Et puis je suis étonnée, j'ai même du mal à y croire : je maigris.
Bon, OK, j'ai commencé il y a 6 jours seulement, mais ma balance (que j'interroge tous les matins, je sais, c'est mal, je devrais attendre une semaine entre chaque verdict, je sais) me disait ce
matin que j'avais perdu...2,3Kg depuis vendredi.
Je la soupçonne de me mentir, cette hypocrite, parce que moi, je me sens pareil qu'avant. Bon.
A la fois, ça me donne plein d'espoir (encore ce fichu espoir) et d'un autre côté, je n'ose pas me réjouir parce que j'ai lu que la première semaine est toujours spectaculaire, plus que toutes les
(longues) autres et d'autre part, je suis certaine que si demain je recommence à manger "normalement", je reprends tout ça en même pas les 6 jours qu'il m'a fallu pour les perdre.
Alors ? CQFD ?
J'en sais rien.
Je n'ai pas obtenu le boulot que j'espérais, on m'a préféré un homme. Bon, je ne dirais pas que c'est parce que je suis une femme de presque 30 ans, donc potentiellement enceinte dans les toutes
prochaines années, que je n'ai pas eu ce boulot, mais même si je ne le dis pas, ça ne m'empêche pas de le penser.
Société de merde tiens !
On nous avait dit "travaille bien à l'école, t'auras un bon boulot". J'ai obéi, docilement. Et puis je me retrouve sur le carreau, mes diplômes en bandouillière. Ca fait joli, mais ça ne
nourrit pas. Remarquez, tant mieux, puisque c'est ça mon autre GROS problème avec le chômage (que dis-je le "chômage" ? Non, c'est "payé" ça, puisque c'est quand t'as déjà travaillé (pour de
l'argent), non, c'est plus juste de dire la "recherche d'emploi"), mon autre GROS problème, donc, c'est la nourriture, le manger, la bouffe quoi.
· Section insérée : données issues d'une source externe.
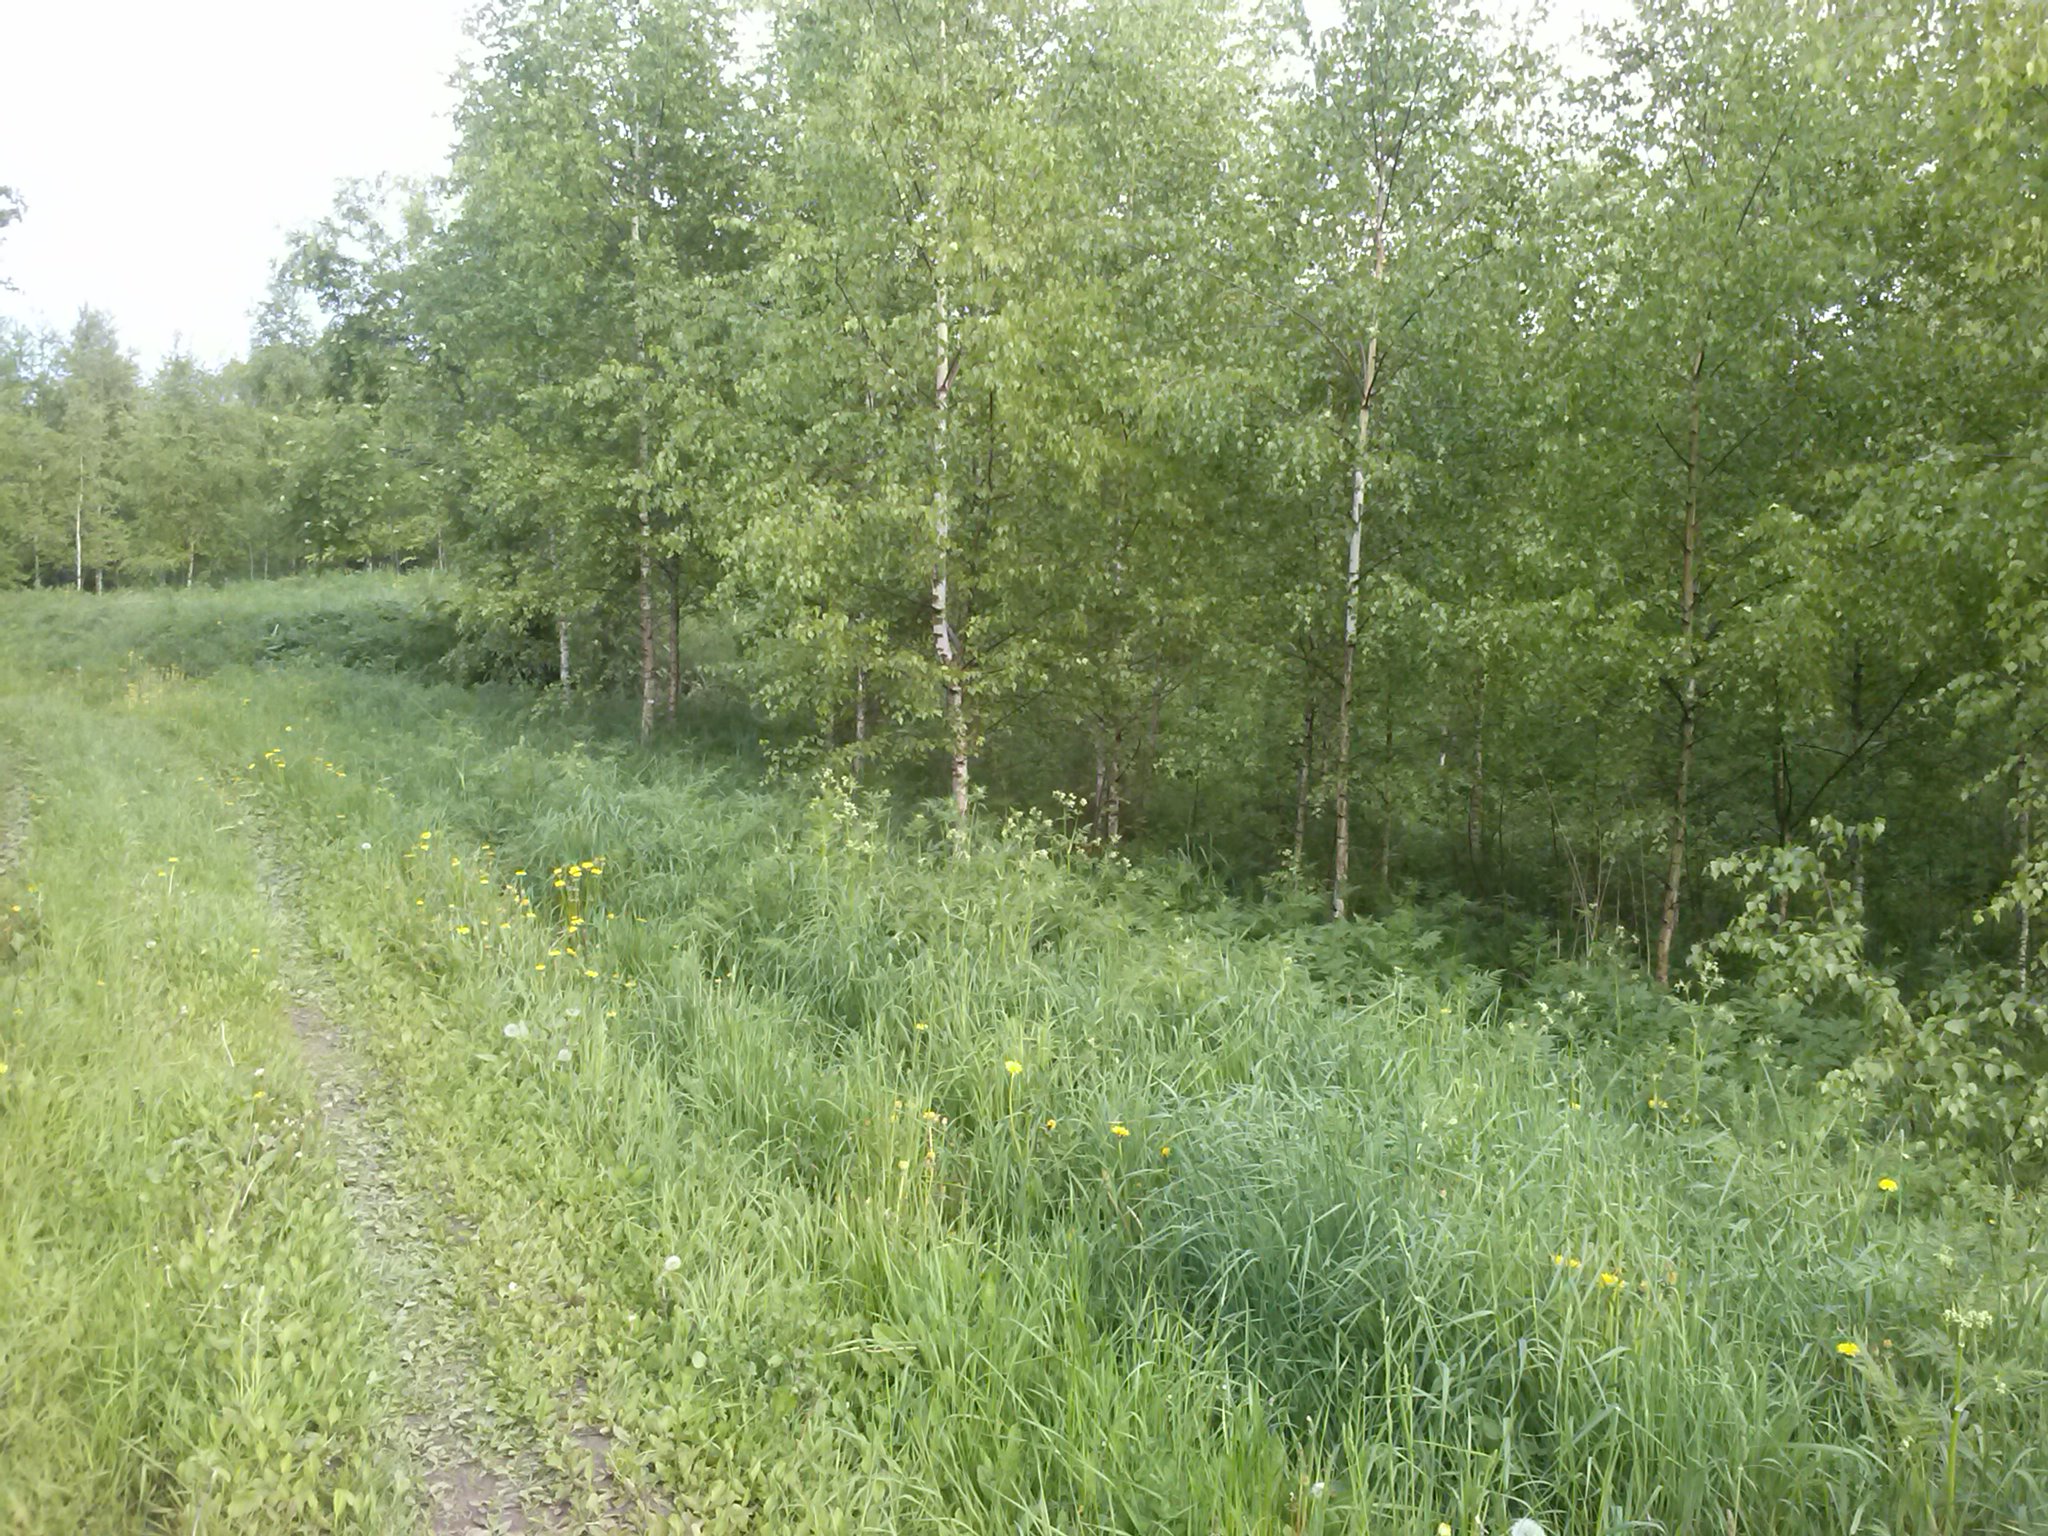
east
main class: Grassland
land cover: Spontaneously vegetated surfaces
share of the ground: > 75 %
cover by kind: herbaceous plants 100 %
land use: Semi-natural and natural areas not in use
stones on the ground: < 10 %
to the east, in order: Spontaneously vegetated surfaces; Broadleaved woodland; Grassland without tree/shrub cover; Tracks; Grassland without tree/shrub cover; Grassland with sparse tree/shrub cover; Artificial constructions in urban areas
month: May
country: LV
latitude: 56.2963
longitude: 27.7869
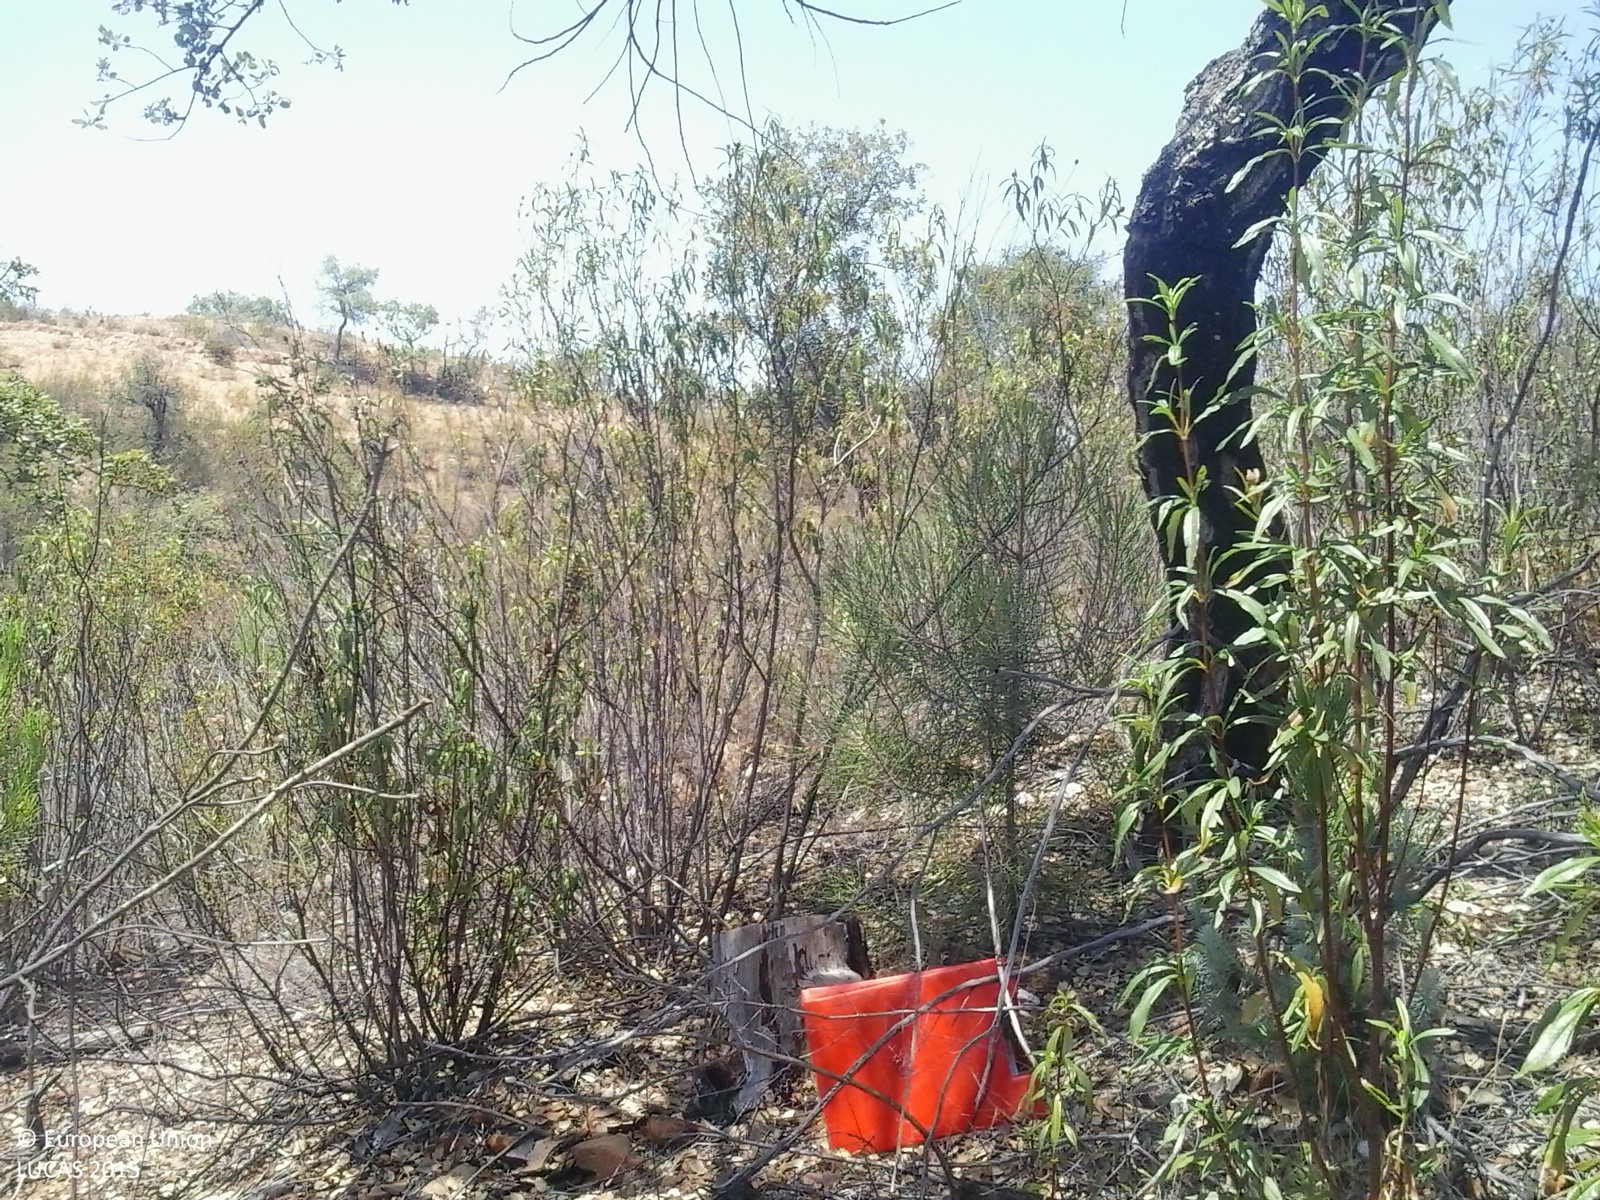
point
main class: Shrubland
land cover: Shrubland with sparse tree cover
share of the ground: > 75 %
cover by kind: shrubs 85 %, herbaceous plants 10 %, broadleaved forest trees 5 %
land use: Forestry
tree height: < 5 m
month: July
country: ES
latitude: 37.5651
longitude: -6.4164
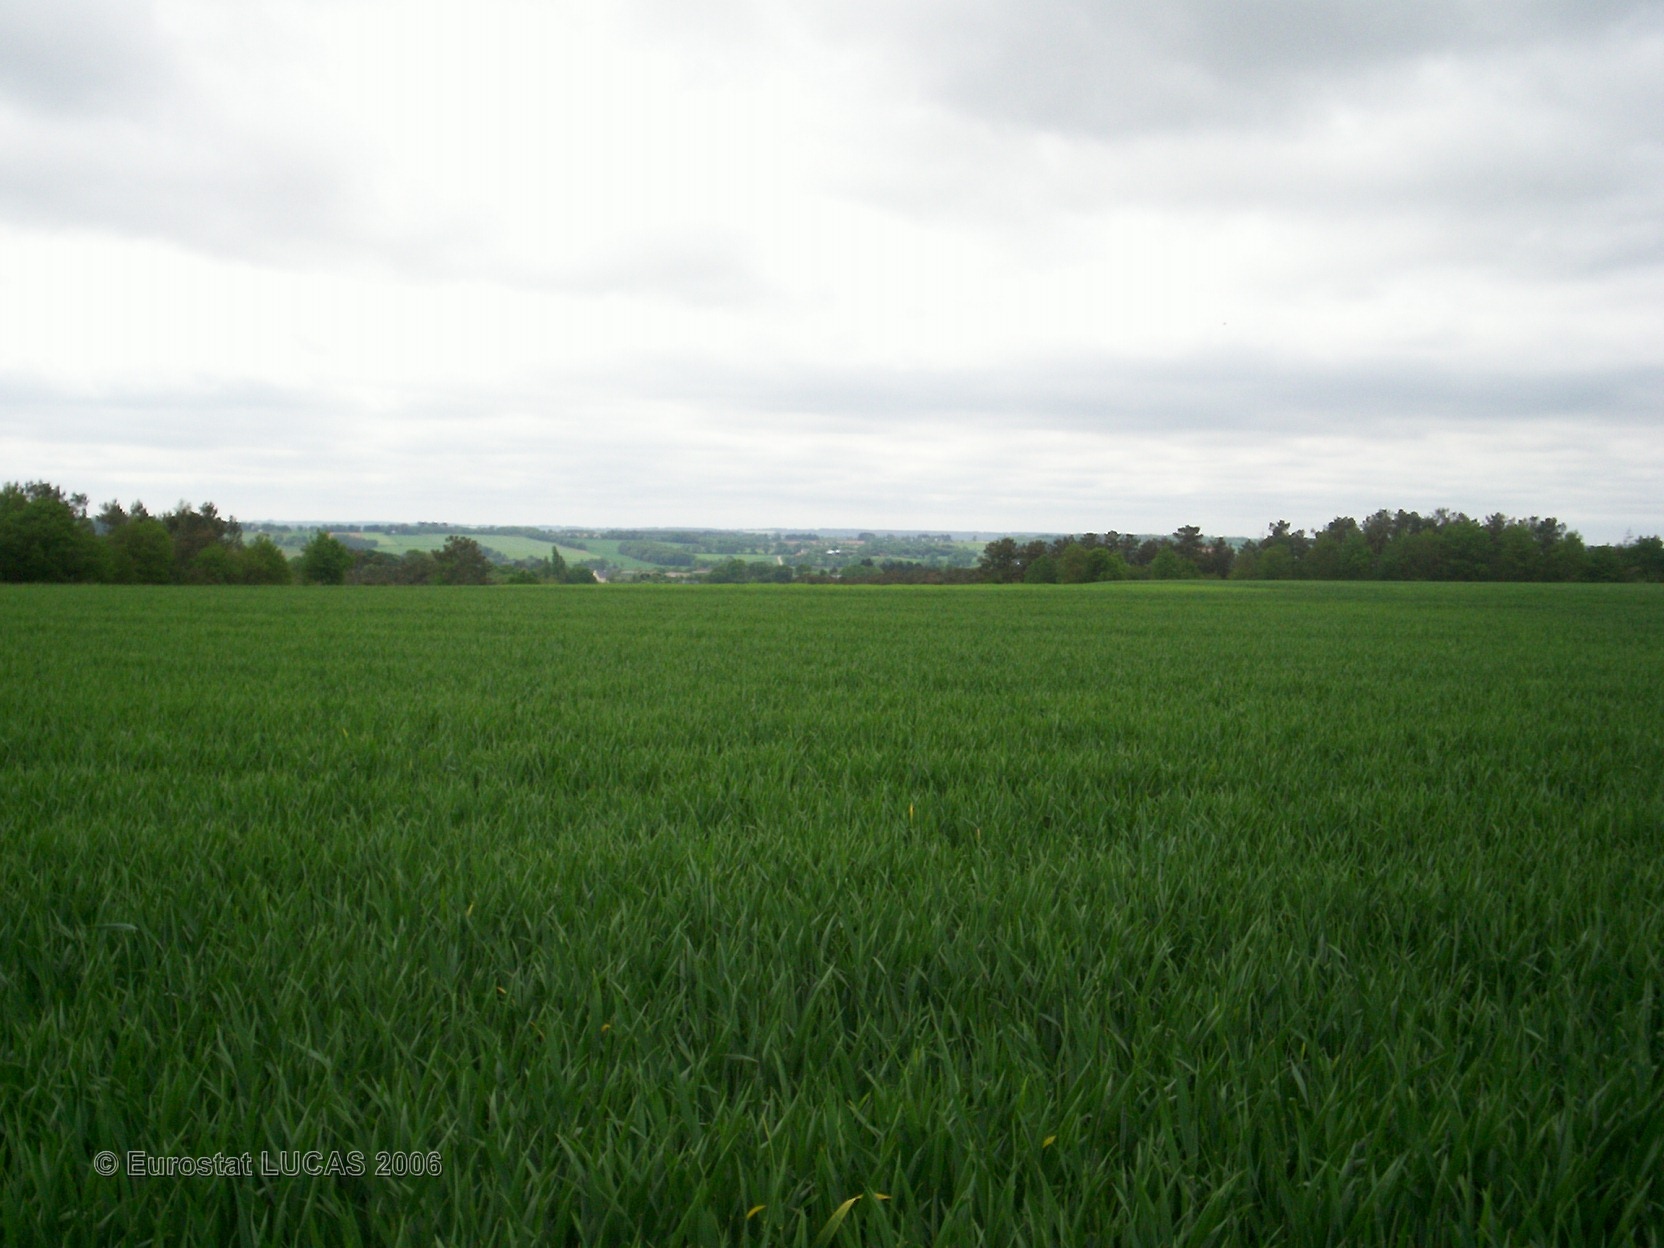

Je dois donc me réjouir (encore) parce que pas de boulot = moins à manger. Sauf que, manger moins, ça coûte plus. Ou plutôt, manger "correctement", ça coûte cher.
POurquoi les pâtes de chez Leader Price ne font pas maigrir en même temps qu'elle sont bon marché ? Hein ? Parce qu'on s'en groinfre ? Oui, peut-être.
J'arrête mon couplet misérabiliste. La misère, il y en a de la vraie partout, alors mon problème à moi, c'est que dalle. C'est vrai.
Oui, mais.
Mais j'arrive pas à me réjouir.
Je ne sais pas pourquoi mais j'ai entendu hier une "pub" (campagne ?) à la radio, France Inter je crois, dans laquelle je me suis reconnue, j'avais l'impression que c'était moi qui parlais.
Est-ce que ça veut dire que mon état s'appelle "dépression" ?!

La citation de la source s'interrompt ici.